Константин Сергеевич нередко подходил к окну и разглядывал эту вадикову гидропонику. Банка из-под болгарской лютеницы, с этикеткой, изображавшей смуглую девушку в родопском наряде; из банки торчали мощные стрелки лука с начинавшими свисать концами. Если посмотреть на нее сверху или, лучше, с того бока, где в опоясывающей ее этикетке стеклянеет маленький прогал, то можно увидеть: этим молодым, дерзко зеленым напористым стеблям дало жизнь мятое, с тухлой полуразложившейся кожурой, с провалившимся нутром изжеванное тело луковицы…
В коридоре снова возня. Нет, нет, шептал себе Константин Сергеевич, нет, это нельзя, это плохо и хитро, что она низведена до какого-то короткого бюрократического действия в анкетах кадровиков. По какому праву смерть представляется чем-то дежурным, заурядным, вроде выписки курортной карты или подписки на библиотечку «Огонька», чем-то…
а не гибелью богов падающих с небесных искореженных престолов
что как думают так и представляют все слепок с него судьбу его повторит с ним вместе тайна никому вы же вы не знаете Земля Земля имеет форму человека человека человека
Не думать, не думать. Боль группируется вокруг точки сосредоточенности.

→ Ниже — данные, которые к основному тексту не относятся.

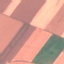
Label: AnnualCrop
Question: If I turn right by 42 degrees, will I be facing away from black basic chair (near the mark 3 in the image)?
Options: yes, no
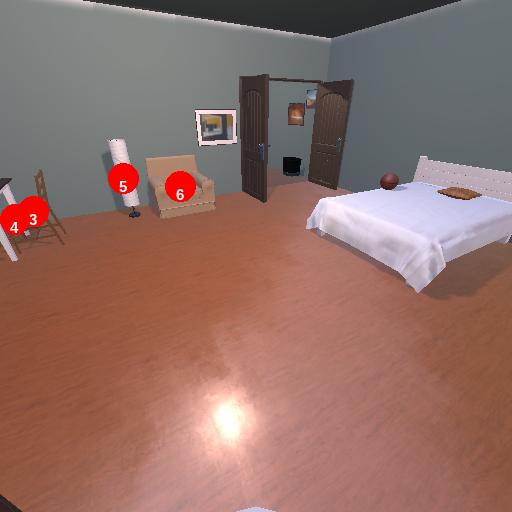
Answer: yes

…И будто в маленький перевернутый бинокль увидел те дни… Боже, это невозможно! Вон далеко внизу наш двор, где мы с мамой жили после войны. Вон дерево за оградой посреди двора. А вон наше окно на первом этаже. Ой, вон Мустафа! Это он вышел из подъезда. Му-у-ста-а-фа-а… (Нет, не слышит, конечно). Тут, сейчас, Мустафа еще маленький, просто татарчонок, хулиганистый чернявый мальчишка с чуть раскосыми глазами; вот подошел к ограде, крутит головой, видит старуху Заливанскую на скамейке, поворачивает к ней лицо и с коротким хлестким звуком далеко прыскает тонкой струйкой сквозь нижние зубы. Так делали в те первые послевоенные годы взрослые блатные, высшим шиком считалось. Еще: кепочка с крохотным козырьком, рыжая фикса, презрительно полуоткрытый вывалившийся рот, таящий на губах готовность к мгновенной растяжке и к исступленному истерическому вскрику: «Не кассайсся, падло», и вслед за этим (в сторону) брезгливый, опавшим тоном, выдох: «Припа-а-рю-ю»… В ходу были всякие ихние словечки — «в натуре», «козел», «аля-улю, гони гусей» и т. д. Называлось: «по фене ботать». Дня не проходило, чтобы кого-то не зарезали насмерть или не исполосовали. От мамы он только и слышал: «Костя, не ходи», «Костя, домой». Чего уж теперь, жизнь прошла, но все равно удивительно, как можно было выжить в той толчее пагубных дней, в гуще драк, толковищ, — да меня ж по приговору «урок» убивать водили, совсем забыл (такое забыть!), и я шел на пустырь расправы в сладком оцепенении ума и воли, повинуясь волшебному чувству неверия, страха, геройства и любопытства.